## Exercise description:
Could you restate word for word only the lines below from the one holding "The image shows 36" to the one holding "The image shows 53", inclusive, and leave out the pictures?

## Dataset:
* * * * * * * * *

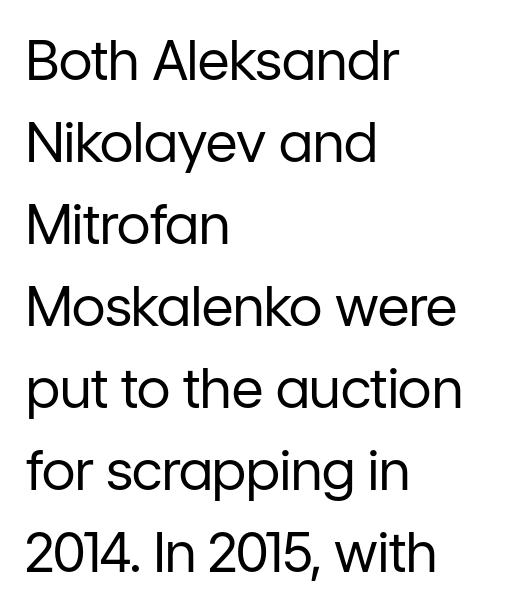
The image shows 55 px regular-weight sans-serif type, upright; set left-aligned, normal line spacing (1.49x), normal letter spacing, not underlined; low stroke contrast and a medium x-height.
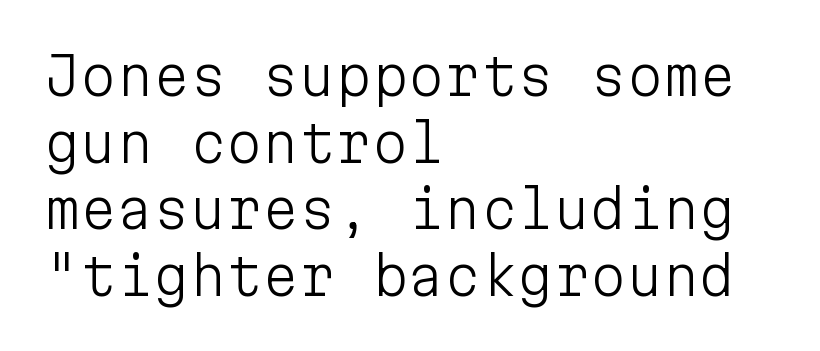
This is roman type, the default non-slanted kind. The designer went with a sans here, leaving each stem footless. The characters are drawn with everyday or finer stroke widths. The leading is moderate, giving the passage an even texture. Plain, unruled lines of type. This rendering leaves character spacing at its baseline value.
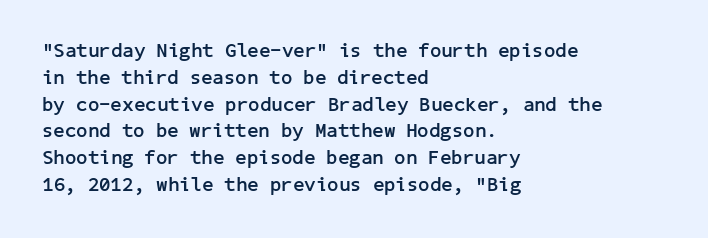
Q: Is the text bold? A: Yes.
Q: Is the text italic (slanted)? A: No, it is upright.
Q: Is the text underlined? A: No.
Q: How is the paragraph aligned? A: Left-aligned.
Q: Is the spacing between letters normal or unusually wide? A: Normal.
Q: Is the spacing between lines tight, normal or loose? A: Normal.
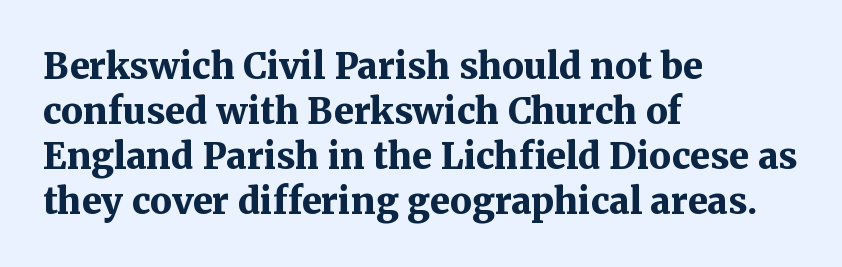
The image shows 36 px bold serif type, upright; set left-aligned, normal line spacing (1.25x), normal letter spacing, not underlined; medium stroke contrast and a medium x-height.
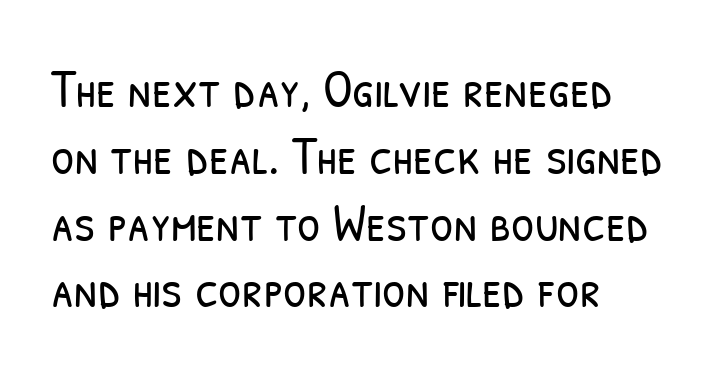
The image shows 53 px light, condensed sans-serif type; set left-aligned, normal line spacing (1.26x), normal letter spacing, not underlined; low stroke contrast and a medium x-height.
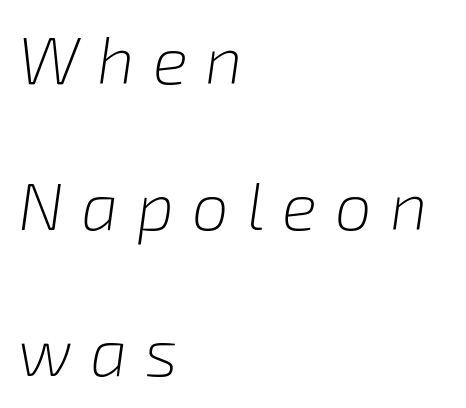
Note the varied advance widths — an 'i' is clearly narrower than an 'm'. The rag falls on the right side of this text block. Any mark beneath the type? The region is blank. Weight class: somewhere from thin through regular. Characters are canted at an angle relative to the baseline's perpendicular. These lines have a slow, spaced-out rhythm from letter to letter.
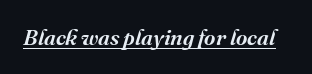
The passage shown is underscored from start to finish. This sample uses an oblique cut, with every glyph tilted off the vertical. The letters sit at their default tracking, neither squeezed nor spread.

* * * * * * * * *

## Response:
The image shows 36 px bold serif type, upright; set left-aligned, normal line spacing (1.25x), normal letter spacing, not underlined; medium stroke contrast and a medium x-height.
The image shows 53 px light, condensed sans-serif type; set left-aligned, normal line spacing (1.26x), normal letter spacing, not underlined; low stroke contrast and a medium x-height.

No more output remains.